To do — Word-for-word reproduction, images excluded: copy every entry below.

↓

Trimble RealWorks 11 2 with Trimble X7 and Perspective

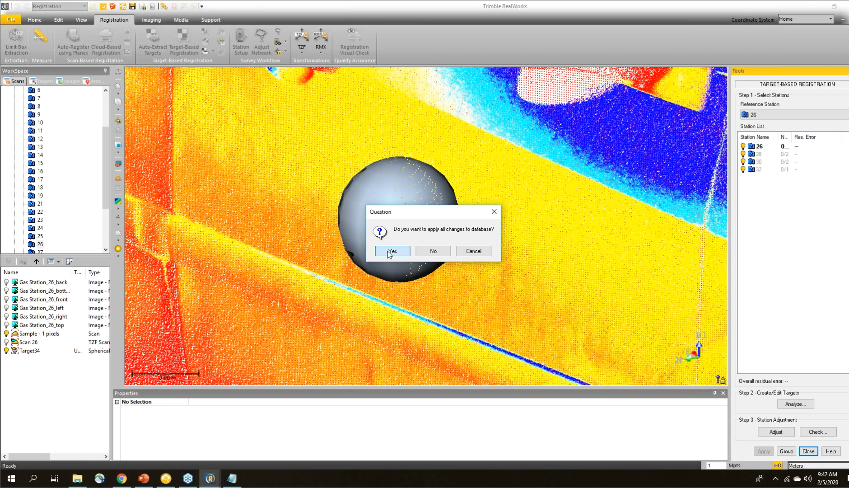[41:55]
Yes. Apply everything. Okay. So we've extracted targets.
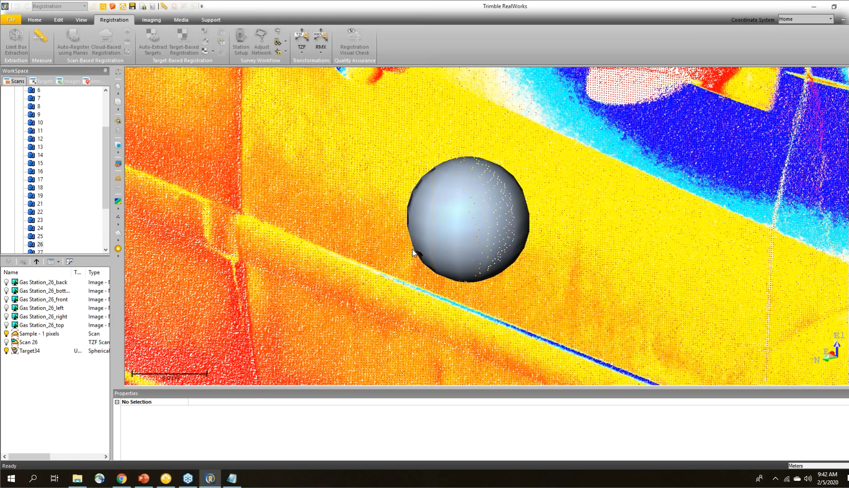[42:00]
Now, the next thing that I want to do is I just want to go to a target based registration. So now I've got targets extracted in the project. I've got my control file. I'm just going to go to target based registration.
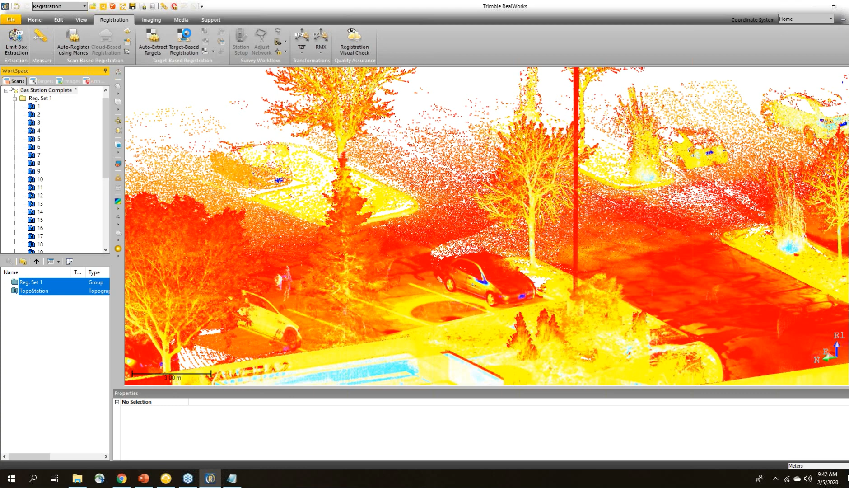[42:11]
And I'm just going to run auto match all.
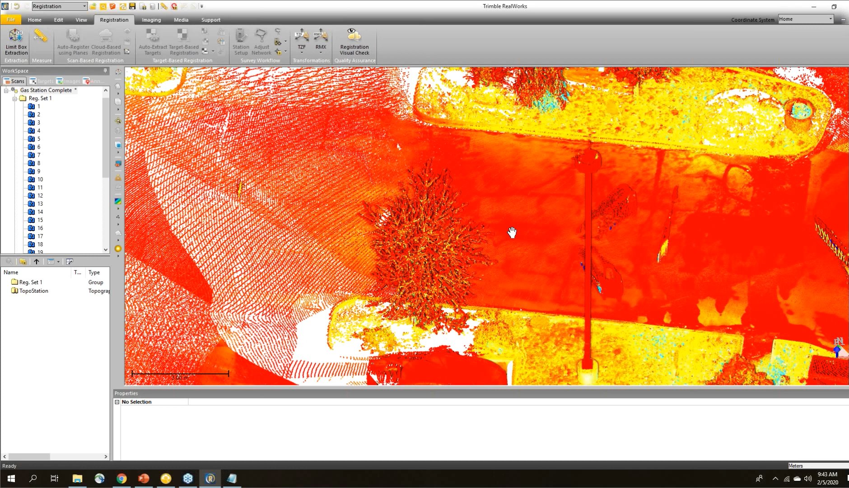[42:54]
It's now on the control point. Sorry. They're now in the right place on my project.
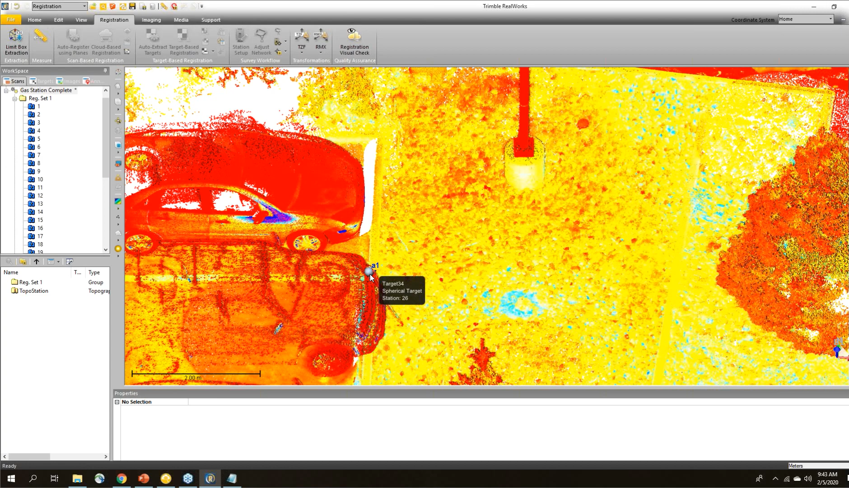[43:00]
So if I was to go into here, I'm just hide the point cloud.
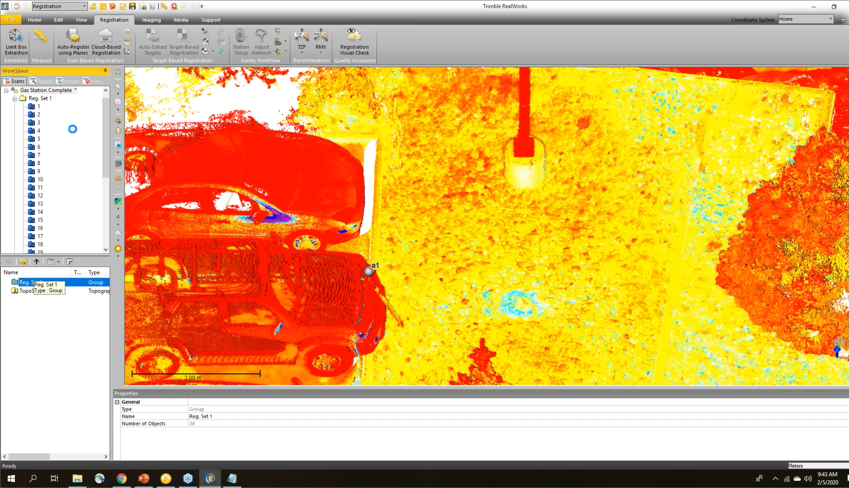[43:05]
And I'm just going to change these targets to be viewed as a wireframe. Now we can see our control point basically sitting right inside.
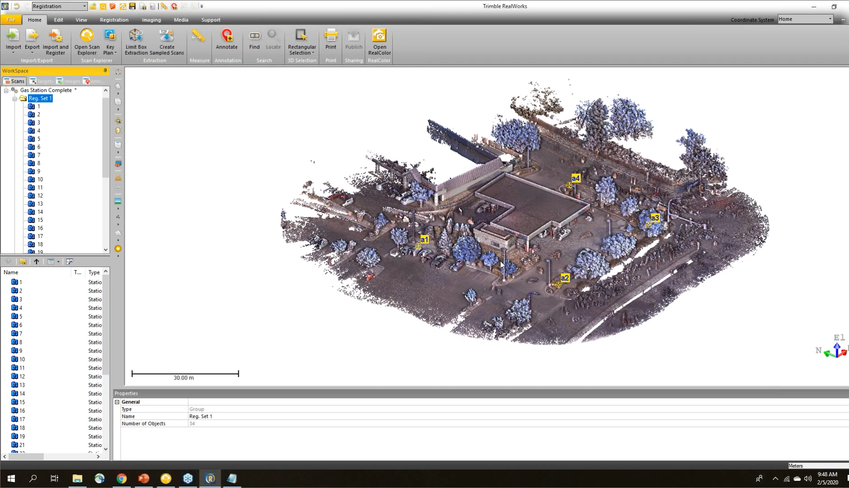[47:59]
So you can see there's a lot more density on these points. For example, over here, trying to look at this manhole area.
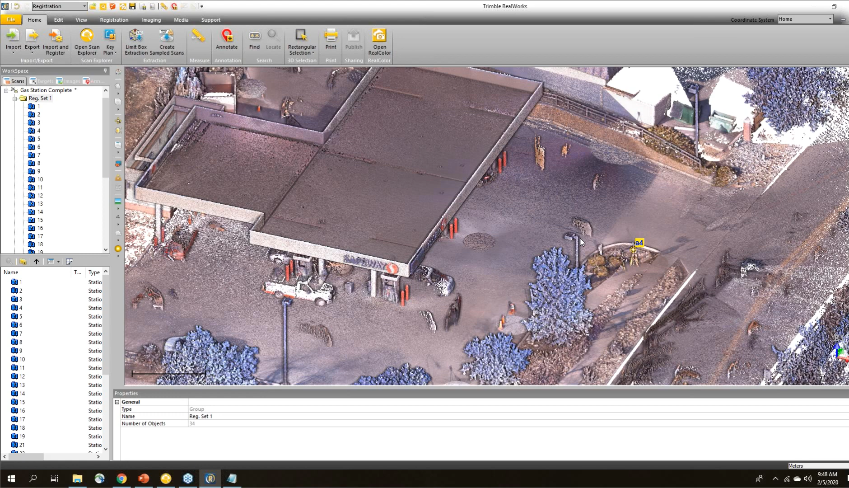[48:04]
You can zoom out and you can see a lot of density on these points here on the ground to see that manhole.
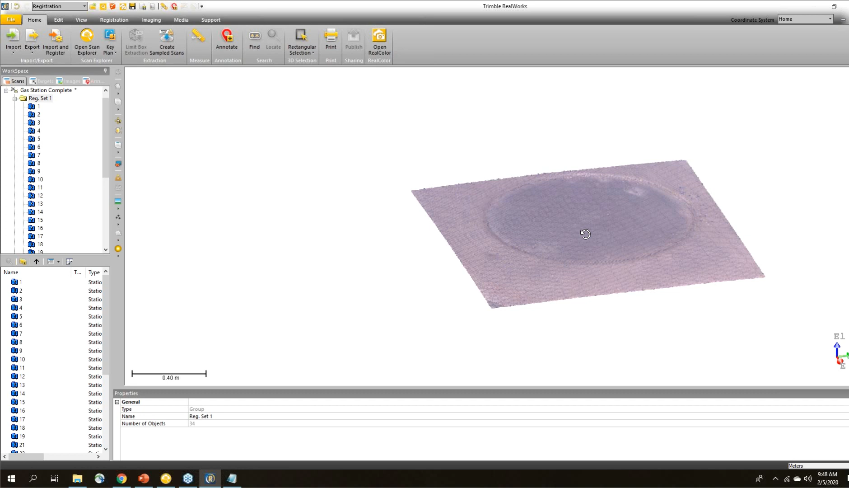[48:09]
Okay, next question. How can we move a region of a scan before registering? For instance, there's a ghost wall inside a room. So right now, unfortunately, not a good way to automatically do that. If you're doing a cloud-based, so if you're using a target-based registration, it's not that big of a deal. So if you do the cloud-based registration, if you do the cloud-to-cloud, not the automatic,
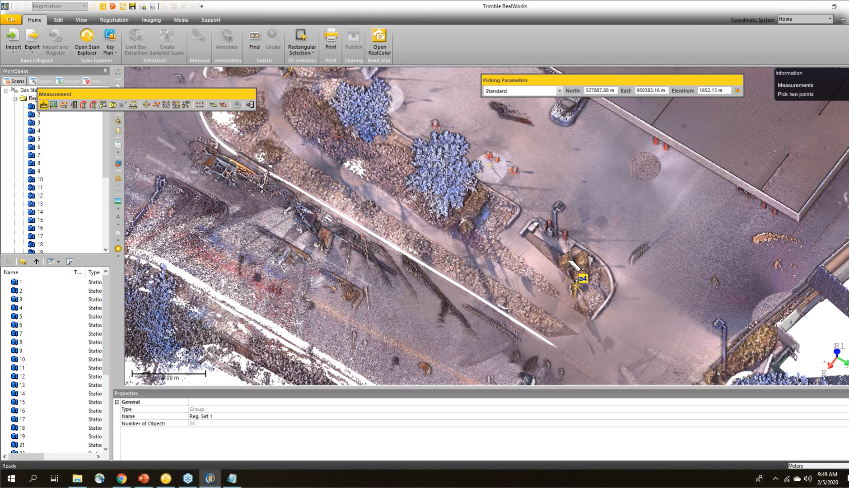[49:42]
Oh, so how, I think the question is, how far away should you put targets? In this case, where did I register those from? I think I was probably taking them from about, I don't know, maybe 15 or 20 meters, something like that. But it depends on the size of the target. I was, with the TX8, we generally use 100-millimeter spheres. For the X7, I'll generally use 150-millimeter sphere. Again, the X7 is, I think it's half a million points per second, whereas the TX8 is a full million points per second. So you're getting a lot density, you're getting a lot farther range with the TX8 than the X7.
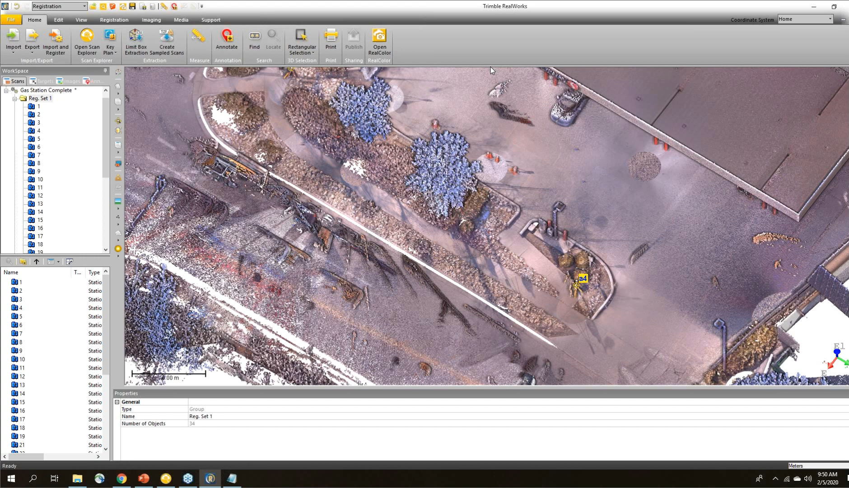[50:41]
Okay. What was the shortcut used when doing this quick segmentation when measuring the heights? So that was the magnifier tool.
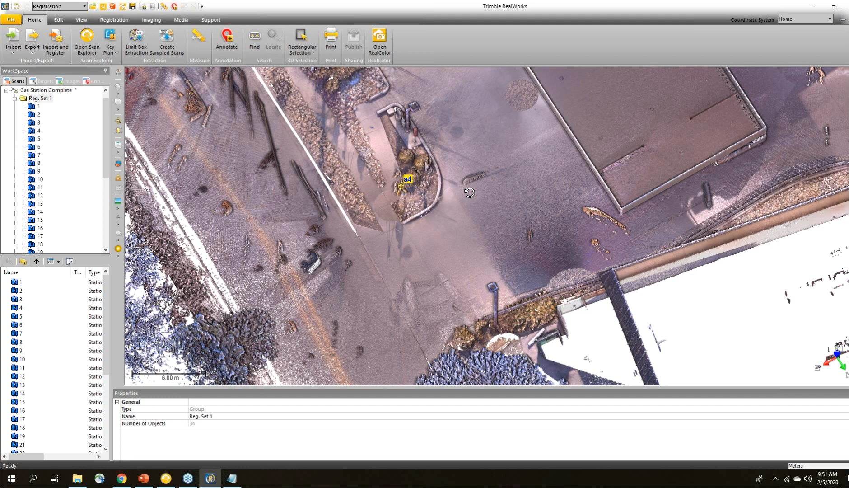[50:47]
So the question was, how did I quickly zoom in to see the areas on the pole?
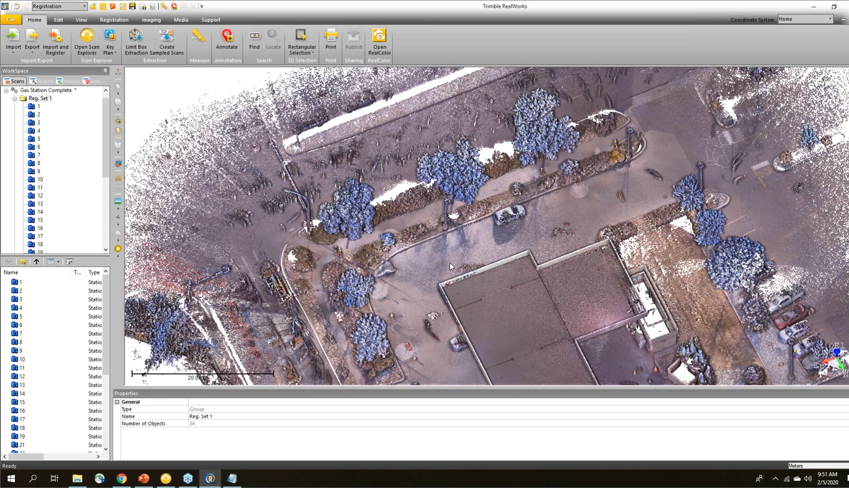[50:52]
So that's where I just hover my mouse over a specific area and then press the N key on my keyboard.
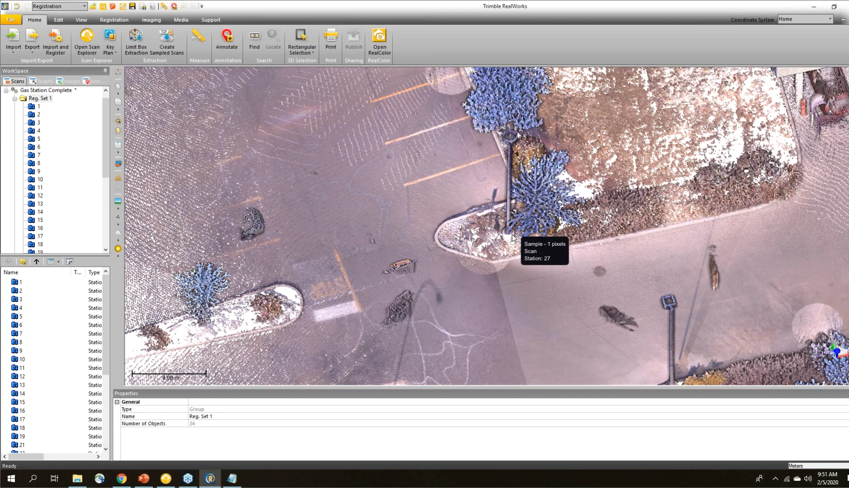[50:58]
So here I'm just pressing the N key, quickly zooms me in so I can see the base.
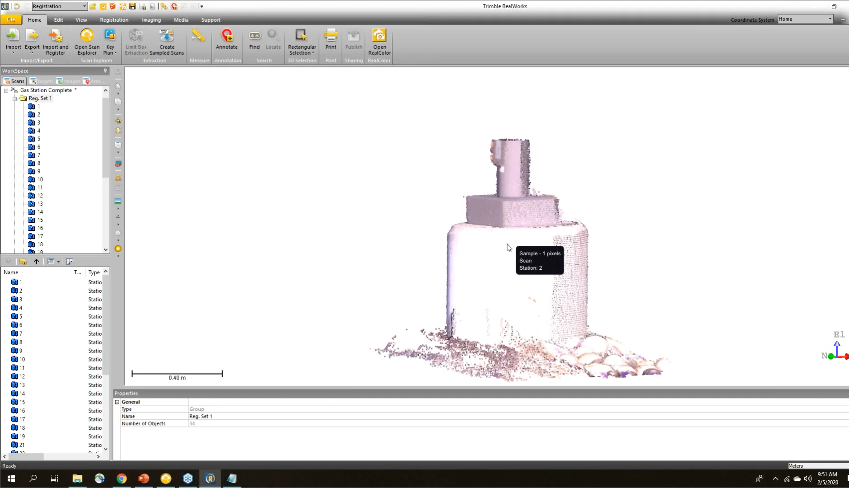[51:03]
And then if I want to see the top, I do that. So I use this all the time. I told you earlier I was using it to check the registration.
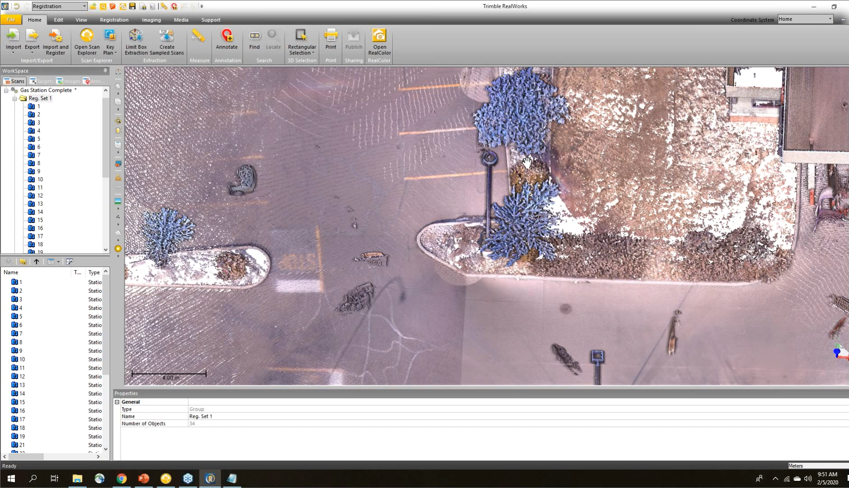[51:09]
So I click on the ground.

↑

Output for this exercise —
Trimble RealWorks 11 2 with Trimble X7 and Perspective

[41:55]
Yes. Apply everything. Okay. So we've extracted targets.
[42:00]
Now, the next thing that I want to do is I just want to go to a target based registration. So now I've got targets extracted in the project. I've got my control file. I'm just going to go to target based registration.
[42:11]
And I'm just going to run auto match all.
[42:54]
It's now on the control point. Sorry. They're now in the right place on my project.
[43:00]
So if I was to go into here, I'm just hide the point cloud.
[43:05]
And I'm just going to change these targets to be viewed as a wireframe. Now we can see our control point basically sitting right inside.
[47:59]
So you can see there's a lot more density on these points. For example, over here, trying to look at this manhole area.
[48:04]
You can zoom out and you can see a lot of density on these points here on the ground to see that manhole.
[48:09]
Okay, next question. How can we move a region of a scan before registering? For instance, there's a ghost wall inside a room. So right now, unfortunately, not a good way to automatically do that. If you're doing a cloud-based, so if you're using a target-based registration, it's not that big of a deal. So if you do the cloud-based registration, if you do the cloud-to-cloud, not the automatic,
[49:42]
Oh, so how, I think the question is, how far away should you put targets? In this case, where did I register those from? I think I was probably taking them from about, I don't know, maybe 15 or 20 meters, something like that. But it depends on the size of the target. I was, with the TX8, we generally use 100-millimeter spheres. For the X7, I'll generally use 150-millimeter sphere. Again, the X7 is, I think it's half a million points per second, whereas the TX8 is a full million points per second. So you're getting a lot density, you're getting a lot farther range with the TX8 than the X7.
[50:41]
Okay. What was the shortcut used when doing this quick segmentation when measuring the heights? So that was the magnifier tool.
[50:47]
So the question was, how did I quickly zoom in to see the areas on the pole?
[50:52]
So that's where I just hover my mouse over a specific area and then press the N key on my keyboard.
[50:58]
So here I'm just pressing the N key, quickly zooms me in so I can see the base.
[51:03]
And then if I want to see the top, I do that. So I use this all the time. I told you earlier I was using it to check the registration.
[51:09]
So I click on the ground.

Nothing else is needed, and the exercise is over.